[Items from a data source]
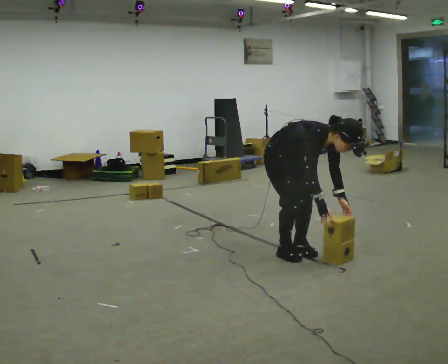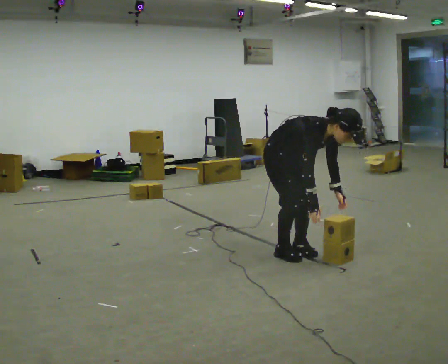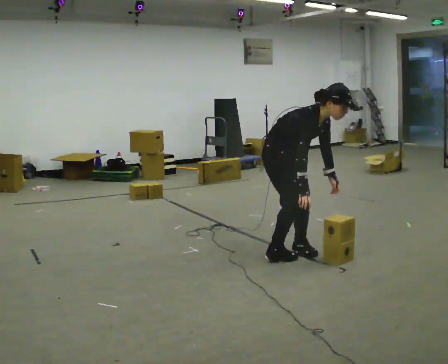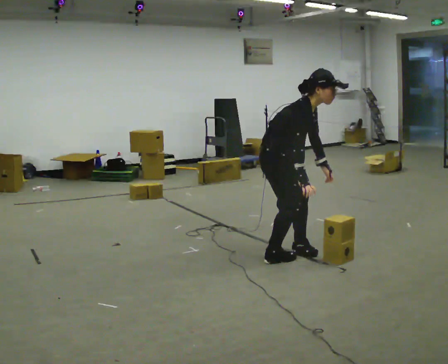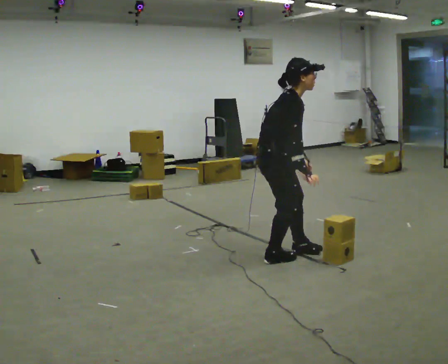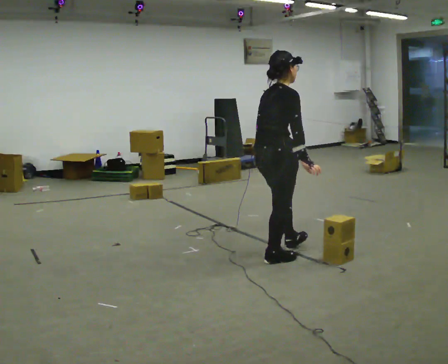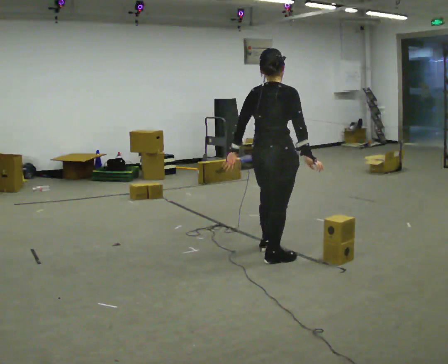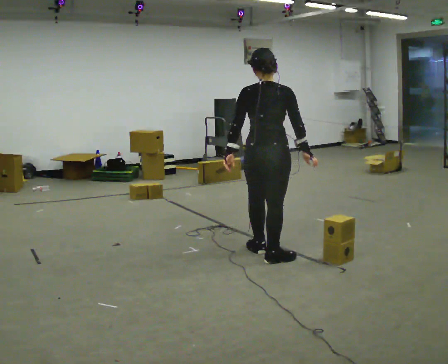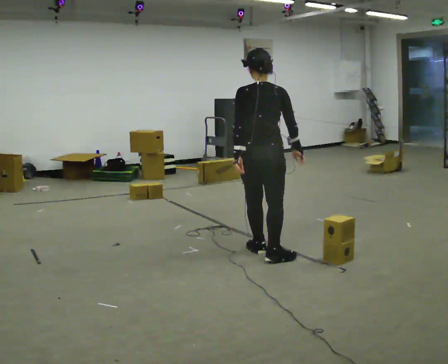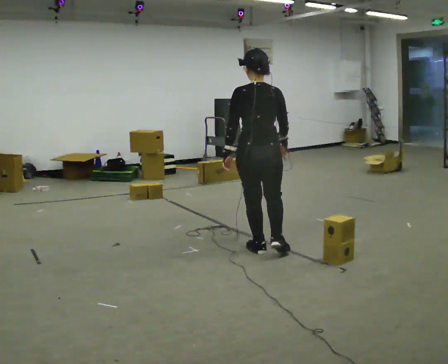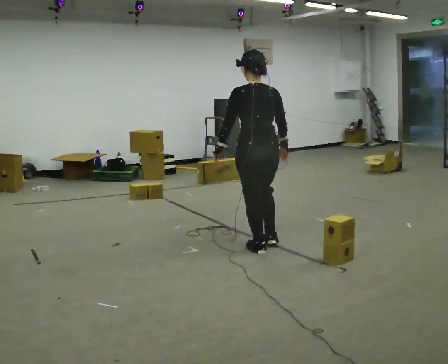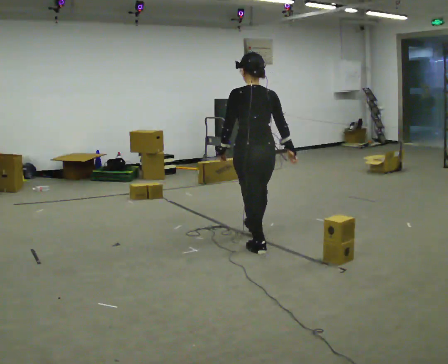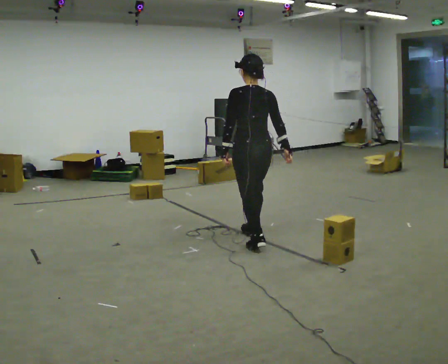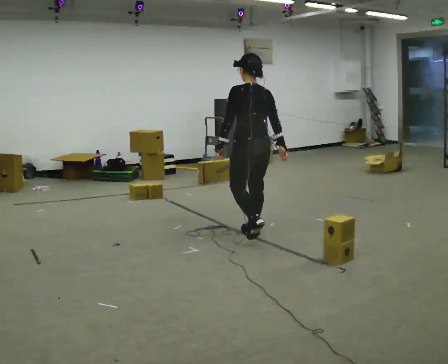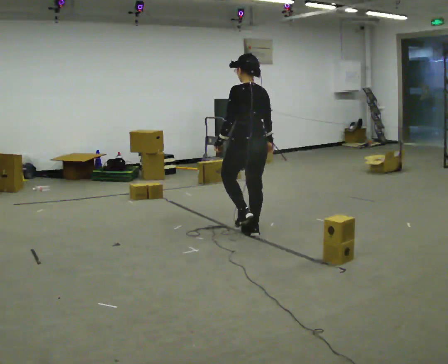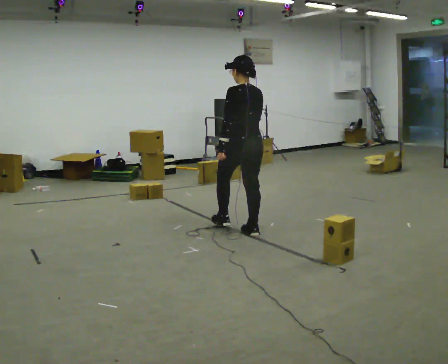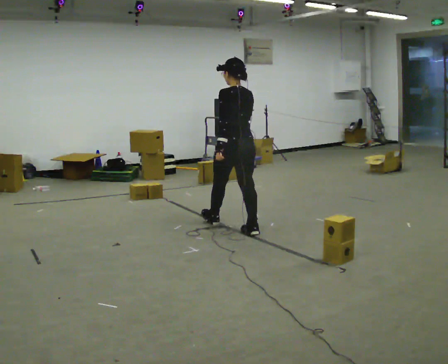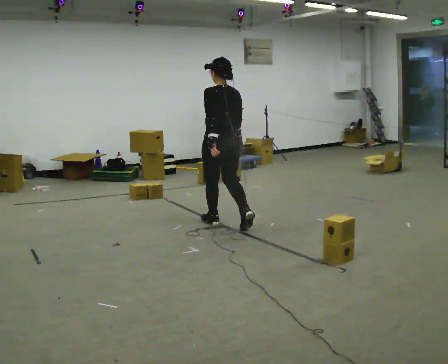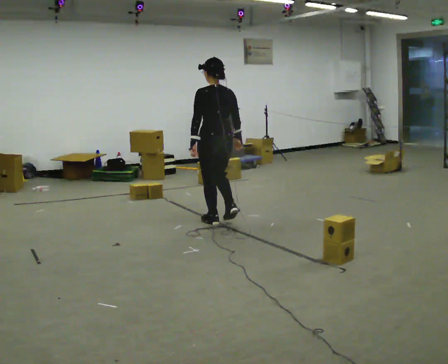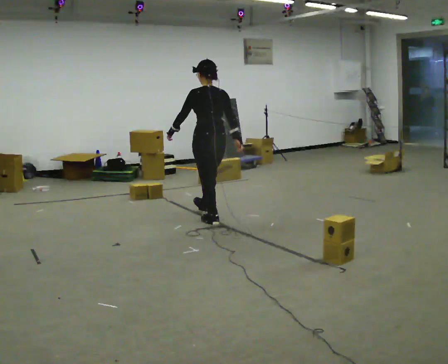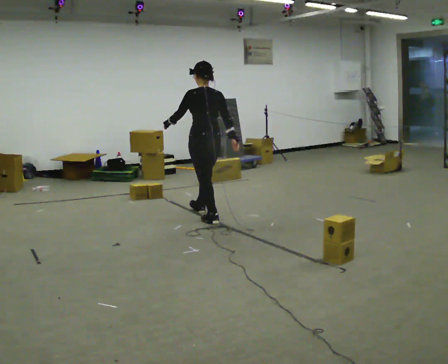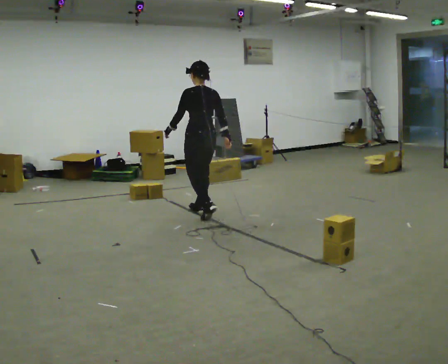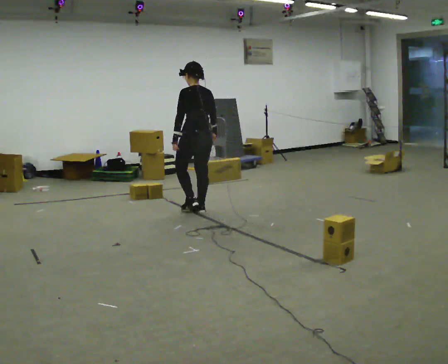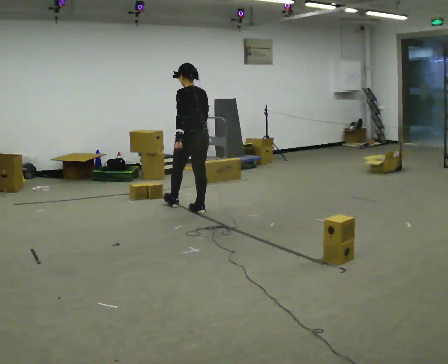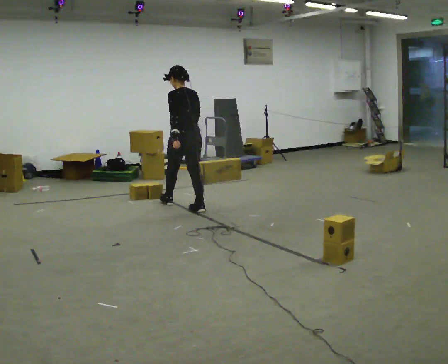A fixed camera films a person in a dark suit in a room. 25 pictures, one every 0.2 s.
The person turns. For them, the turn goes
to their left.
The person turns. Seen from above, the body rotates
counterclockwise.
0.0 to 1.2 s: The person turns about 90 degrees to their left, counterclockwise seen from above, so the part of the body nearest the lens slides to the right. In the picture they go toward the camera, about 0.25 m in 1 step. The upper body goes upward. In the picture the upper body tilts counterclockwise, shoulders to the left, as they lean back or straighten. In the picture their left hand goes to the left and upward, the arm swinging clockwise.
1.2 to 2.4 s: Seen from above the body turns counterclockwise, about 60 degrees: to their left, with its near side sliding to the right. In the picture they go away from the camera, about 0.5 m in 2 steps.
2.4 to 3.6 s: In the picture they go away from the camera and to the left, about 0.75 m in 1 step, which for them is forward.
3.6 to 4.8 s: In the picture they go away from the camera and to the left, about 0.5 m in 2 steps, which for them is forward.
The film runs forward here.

## Task instructions
Would you please repeat each record exactly? Leave the pictures out.

## Response area
A fixed camera films a person in a dark suit in a room. 25 pictures, one every 0.2 s.
The person turns. For them, the turn goes
to their left.
The person turns. Seen from above, the body rotates
counterclockwise.
0.0 to 1.2 s: The person turns about 90 degrees to their left, counterclockwise seen from above, so the part of the body nearest the lens slides to the right. In the picture they go toward the camera, about 0.25 m in 1 step. The upper body goes upward. In the picture the upper body tilts counterclockwise, shoulders to the left, as they lean back or straighten. In the picture their left hand goes to the left and upward, the arm swinging clockwise.
1.2 to 2.4 s: Seen from above the body turns counterclockwise, about 60 degrees: to their left, with its near side sliding to the right. In the picture they go away from the camera, about 0.5 m in 2 steps.
2.4 to 3.6 s: In the picture they go away from the camera and to the left, about 0.75 m in 1 step, which for them is forward.
3.6 to 4.8 s: In the picture they go away from the camera and to the left, about 0.5 m in 2 steps, which for them is forward.
The film runs forward here.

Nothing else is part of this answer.